Institutional Shareholder Services Inc. ("ISS") and Glass, Lewis & Co. ("Glass Lewis") have each issued their respective proxy voting policy guidelines for 2024, which include a number of noteworthy revisions, summarized below. The ISS updates are available here and will apply for shareholder meetings held on or after February 1, 2024 unless otherwise noted. The Glass Lewis updates are available here and will apply for shareholder meetings held on or after January 1, 2024 unless otherwise noted.

I. ISS Updates

Severance and Golden Parachute Agreements.
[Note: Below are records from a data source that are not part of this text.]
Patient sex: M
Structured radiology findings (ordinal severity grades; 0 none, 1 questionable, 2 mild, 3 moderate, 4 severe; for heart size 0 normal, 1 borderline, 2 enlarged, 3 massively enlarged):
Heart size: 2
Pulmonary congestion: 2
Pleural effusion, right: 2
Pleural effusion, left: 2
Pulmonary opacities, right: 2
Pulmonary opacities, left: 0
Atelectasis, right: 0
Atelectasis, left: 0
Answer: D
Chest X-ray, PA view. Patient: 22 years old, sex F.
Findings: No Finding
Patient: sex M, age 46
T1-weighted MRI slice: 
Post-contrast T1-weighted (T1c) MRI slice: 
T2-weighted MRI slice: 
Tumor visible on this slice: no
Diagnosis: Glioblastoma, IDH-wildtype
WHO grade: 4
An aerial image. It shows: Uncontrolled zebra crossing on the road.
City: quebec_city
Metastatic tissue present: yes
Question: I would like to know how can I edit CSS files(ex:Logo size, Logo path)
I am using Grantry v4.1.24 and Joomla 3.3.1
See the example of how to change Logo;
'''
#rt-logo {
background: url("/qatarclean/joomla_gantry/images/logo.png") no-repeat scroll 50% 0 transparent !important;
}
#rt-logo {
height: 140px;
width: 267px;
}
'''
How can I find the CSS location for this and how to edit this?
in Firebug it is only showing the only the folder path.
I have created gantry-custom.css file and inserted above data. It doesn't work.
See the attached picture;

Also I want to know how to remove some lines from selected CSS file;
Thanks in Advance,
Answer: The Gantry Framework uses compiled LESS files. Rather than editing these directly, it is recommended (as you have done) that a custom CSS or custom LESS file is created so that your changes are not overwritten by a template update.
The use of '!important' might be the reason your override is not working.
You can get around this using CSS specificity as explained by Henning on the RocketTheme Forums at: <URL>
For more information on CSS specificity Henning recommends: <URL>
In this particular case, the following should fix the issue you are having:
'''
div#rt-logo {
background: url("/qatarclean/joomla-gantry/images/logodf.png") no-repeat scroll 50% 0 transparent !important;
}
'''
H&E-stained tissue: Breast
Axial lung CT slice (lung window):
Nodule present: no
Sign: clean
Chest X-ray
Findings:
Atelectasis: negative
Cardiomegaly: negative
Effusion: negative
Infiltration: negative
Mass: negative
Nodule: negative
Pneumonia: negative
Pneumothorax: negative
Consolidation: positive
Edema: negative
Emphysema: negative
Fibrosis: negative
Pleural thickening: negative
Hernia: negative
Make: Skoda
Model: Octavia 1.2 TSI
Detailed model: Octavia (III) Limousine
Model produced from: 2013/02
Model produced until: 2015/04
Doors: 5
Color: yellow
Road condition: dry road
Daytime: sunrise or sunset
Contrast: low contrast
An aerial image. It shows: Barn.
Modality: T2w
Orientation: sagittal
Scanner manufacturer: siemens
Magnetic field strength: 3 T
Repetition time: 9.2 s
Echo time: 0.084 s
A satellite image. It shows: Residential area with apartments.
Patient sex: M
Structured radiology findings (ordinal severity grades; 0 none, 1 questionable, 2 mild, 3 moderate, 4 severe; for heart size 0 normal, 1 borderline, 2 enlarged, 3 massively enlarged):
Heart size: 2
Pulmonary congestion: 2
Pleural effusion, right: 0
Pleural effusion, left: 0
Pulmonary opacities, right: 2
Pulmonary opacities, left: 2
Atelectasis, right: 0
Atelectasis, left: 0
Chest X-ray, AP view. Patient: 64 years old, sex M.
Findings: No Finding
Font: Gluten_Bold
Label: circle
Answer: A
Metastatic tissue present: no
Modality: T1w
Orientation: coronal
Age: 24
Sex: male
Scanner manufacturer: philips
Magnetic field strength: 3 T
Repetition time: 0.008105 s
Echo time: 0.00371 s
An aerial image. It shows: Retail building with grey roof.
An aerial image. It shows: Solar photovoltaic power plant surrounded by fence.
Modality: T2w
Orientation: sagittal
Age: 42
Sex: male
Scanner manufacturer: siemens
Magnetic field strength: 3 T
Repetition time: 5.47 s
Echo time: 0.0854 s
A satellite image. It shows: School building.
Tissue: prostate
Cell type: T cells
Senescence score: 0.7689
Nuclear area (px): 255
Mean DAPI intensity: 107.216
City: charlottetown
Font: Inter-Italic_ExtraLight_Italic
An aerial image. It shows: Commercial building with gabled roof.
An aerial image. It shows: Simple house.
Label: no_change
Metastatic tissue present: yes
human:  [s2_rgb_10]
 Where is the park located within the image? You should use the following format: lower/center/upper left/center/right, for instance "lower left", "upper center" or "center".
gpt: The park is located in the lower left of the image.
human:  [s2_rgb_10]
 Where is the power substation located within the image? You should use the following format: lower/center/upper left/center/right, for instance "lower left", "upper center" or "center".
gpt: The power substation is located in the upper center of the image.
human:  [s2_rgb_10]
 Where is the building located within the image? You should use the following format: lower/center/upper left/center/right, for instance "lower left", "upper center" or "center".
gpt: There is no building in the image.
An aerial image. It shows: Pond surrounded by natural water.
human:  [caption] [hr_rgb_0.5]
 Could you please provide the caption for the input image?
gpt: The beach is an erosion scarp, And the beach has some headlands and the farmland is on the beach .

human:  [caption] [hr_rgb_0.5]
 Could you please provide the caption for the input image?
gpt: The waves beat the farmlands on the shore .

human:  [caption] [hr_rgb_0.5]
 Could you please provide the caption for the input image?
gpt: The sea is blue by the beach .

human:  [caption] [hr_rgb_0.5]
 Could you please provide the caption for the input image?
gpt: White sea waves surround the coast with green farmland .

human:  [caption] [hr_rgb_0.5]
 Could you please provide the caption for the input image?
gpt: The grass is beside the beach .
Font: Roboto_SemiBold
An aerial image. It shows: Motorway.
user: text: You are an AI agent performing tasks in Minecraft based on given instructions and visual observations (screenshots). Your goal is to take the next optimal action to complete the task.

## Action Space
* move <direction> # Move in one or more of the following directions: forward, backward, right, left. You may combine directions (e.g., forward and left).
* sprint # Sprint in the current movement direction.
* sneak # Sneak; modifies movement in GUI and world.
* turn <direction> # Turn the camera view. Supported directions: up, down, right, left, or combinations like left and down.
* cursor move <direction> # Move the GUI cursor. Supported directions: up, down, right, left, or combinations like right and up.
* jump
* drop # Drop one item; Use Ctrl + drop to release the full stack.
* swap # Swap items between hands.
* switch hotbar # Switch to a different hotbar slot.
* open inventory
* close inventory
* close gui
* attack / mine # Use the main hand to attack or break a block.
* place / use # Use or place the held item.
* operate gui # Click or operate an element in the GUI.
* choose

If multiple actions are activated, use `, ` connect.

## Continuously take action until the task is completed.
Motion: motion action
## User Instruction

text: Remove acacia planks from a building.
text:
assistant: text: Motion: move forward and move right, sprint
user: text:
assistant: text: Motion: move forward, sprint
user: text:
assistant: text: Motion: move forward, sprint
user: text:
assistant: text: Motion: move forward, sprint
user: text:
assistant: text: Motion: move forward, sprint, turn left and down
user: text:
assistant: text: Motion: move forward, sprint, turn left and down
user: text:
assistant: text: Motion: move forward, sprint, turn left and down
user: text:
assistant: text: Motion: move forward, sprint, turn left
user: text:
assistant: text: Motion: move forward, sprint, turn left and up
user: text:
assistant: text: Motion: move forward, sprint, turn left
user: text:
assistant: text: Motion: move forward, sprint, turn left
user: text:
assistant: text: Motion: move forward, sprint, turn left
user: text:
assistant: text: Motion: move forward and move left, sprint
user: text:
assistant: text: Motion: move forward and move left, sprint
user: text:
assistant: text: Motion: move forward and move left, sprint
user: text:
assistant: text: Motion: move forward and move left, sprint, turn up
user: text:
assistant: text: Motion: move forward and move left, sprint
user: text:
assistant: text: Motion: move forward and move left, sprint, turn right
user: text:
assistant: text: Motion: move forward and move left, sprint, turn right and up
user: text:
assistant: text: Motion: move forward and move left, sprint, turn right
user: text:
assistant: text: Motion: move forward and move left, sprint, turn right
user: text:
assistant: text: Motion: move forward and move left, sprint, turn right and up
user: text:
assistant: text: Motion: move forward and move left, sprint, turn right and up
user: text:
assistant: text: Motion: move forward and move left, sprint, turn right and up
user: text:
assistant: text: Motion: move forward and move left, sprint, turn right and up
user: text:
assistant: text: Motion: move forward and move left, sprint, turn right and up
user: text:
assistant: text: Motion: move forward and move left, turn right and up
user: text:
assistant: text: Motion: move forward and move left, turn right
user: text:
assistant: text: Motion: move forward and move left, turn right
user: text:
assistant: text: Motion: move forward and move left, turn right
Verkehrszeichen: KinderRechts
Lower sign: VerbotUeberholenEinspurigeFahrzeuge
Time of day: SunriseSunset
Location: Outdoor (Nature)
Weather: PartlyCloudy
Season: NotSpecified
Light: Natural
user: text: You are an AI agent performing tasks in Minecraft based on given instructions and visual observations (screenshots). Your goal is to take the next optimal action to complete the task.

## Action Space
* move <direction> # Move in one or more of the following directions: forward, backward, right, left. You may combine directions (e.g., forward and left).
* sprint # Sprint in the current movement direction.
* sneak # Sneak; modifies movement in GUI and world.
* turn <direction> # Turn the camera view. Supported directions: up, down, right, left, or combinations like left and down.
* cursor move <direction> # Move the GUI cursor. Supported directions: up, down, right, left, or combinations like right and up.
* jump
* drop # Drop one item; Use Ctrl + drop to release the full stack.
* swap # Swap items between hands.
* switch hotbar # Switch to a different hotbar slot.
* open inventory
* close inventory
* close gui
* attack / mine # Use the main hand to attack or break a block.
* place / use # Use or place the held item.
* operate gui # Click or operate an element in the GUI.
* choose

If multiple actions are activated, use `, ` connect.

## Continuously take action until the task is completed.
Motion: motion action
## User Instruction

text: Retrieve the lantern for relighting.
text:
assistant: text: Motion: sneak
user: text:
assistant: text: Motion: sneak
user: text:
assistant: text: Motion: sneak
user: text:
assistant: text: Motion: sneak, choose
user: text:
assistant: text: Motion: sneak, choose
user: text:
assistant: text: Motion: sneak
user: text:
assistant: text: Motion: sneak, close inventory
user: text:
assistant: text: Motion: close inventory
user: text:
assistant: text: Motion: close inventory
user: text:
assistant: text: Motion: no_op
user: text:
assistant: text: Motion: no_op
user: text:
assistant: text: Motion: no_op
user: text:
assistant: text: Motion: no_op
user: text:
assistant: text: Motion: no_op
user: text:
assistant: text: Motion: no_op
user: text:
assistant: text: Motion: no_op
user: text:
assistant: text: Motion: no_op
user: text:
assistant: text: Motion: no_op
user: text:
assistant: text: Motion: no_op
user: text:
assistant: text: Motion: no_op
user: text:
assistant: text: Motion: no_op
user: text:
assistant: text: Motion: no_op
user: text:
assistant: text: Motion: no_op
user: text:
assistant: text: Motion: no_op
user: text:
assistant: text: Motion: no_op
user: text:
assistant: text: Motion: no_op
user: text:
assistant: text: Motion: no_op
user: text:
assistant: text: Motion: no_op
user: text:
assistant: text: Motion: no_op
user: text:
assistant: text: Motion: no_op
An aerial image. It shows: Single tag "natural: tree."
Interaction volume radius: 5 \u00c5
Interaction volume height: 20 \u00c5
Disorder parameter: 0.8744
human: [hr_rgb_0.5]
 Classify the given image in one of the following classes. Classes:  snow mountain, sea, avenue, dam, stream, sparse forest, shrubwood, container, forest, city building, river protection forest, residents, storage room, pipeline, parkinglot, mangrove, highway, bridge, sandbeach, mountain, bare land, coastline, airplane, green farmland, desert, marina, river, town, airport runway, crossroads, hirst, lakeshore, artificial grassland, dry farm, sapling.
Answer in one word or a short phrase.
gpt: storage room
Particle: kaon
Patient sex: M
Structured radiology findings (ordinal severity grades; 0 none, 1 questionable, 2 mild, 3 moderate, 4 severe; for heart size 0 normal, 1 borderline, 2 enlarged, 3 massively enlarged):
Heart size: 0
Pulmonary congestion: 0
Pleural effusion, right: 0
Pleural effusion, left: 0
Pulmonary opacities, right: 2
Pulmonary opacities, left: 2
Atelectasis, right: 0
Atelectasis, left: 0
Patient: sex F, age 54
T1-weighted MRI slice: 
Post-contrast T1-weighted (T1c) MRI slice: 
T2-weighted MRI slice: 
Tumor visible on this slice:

In its only US update for 2024, ISS has revised its policy on severance agreements for executives, including golden parachutes, and will now be reviewing on a case-by-case basis shareholder proposals requiring that executive severance agreements be submitted for shareholder ratification. Under the revised policy, ISS's vote recommendations on such proposals will take into account: (i) existing severance or change-in-control agreements, and the presence of "problematic features" such as excessive severance entitlements, single triggers, and excise tax gross-ups; (ii) existing limits on cash severance payouts or policies which require shareholder ratification of severance payments above a certain level; (iii) recent severance-related controversies, if any; and (iv) whether the proposal is "overly prescriptive" by, for example, requiring shareholder approval of severance that is within market norms. The revisions apply the same factors to both regular termination and change-in-control severance and clarify certain of the factors.

II. Glass Lewis Updates

Material Weaknesses.

Glass Lewis has added a new discussion of material weaknesses. Glass Lewis believes it is the audit committee's responsibility to ensure timely remediation and detailed disclosure of material weaknesses. Consequently, if the company has not disclosed a remediation plan for a reported material weakness, or if a material weakness has been continuing for more than a year and no updated plan has been disclosed, Glass Lewis will consider recommending that shareholders vote against each member of the audit committee who was on the committee when the material weakness was identified.

Cyber Risk Oversight

Glass Lewis has updated its discussion of cybersecurity risk oversight in light of the new rules adopted by the SEC in July 2023, which became effective in December 2023. (Our firm memorandum dated December 20, 2023 discussing the new rules can be found here.) Glass Lewis continues to believe that cybersecurity risk is material for all companies and will "closely evaluate" the board's oversight and the company's response to cybersecurity incidents that cause significant harm to shareholders. Glass Lewis also believes that shareholders can "reasonably expect" the company to provide shareholders with periodic updates on its progress in addressing the impact of an attack, without revealing any specific details that might interfere with the company's progress or benefit the attackers. Glass Lewis may recommend voting against certain directors if it determines that the board's "oversight, response or disclosures" are lacking.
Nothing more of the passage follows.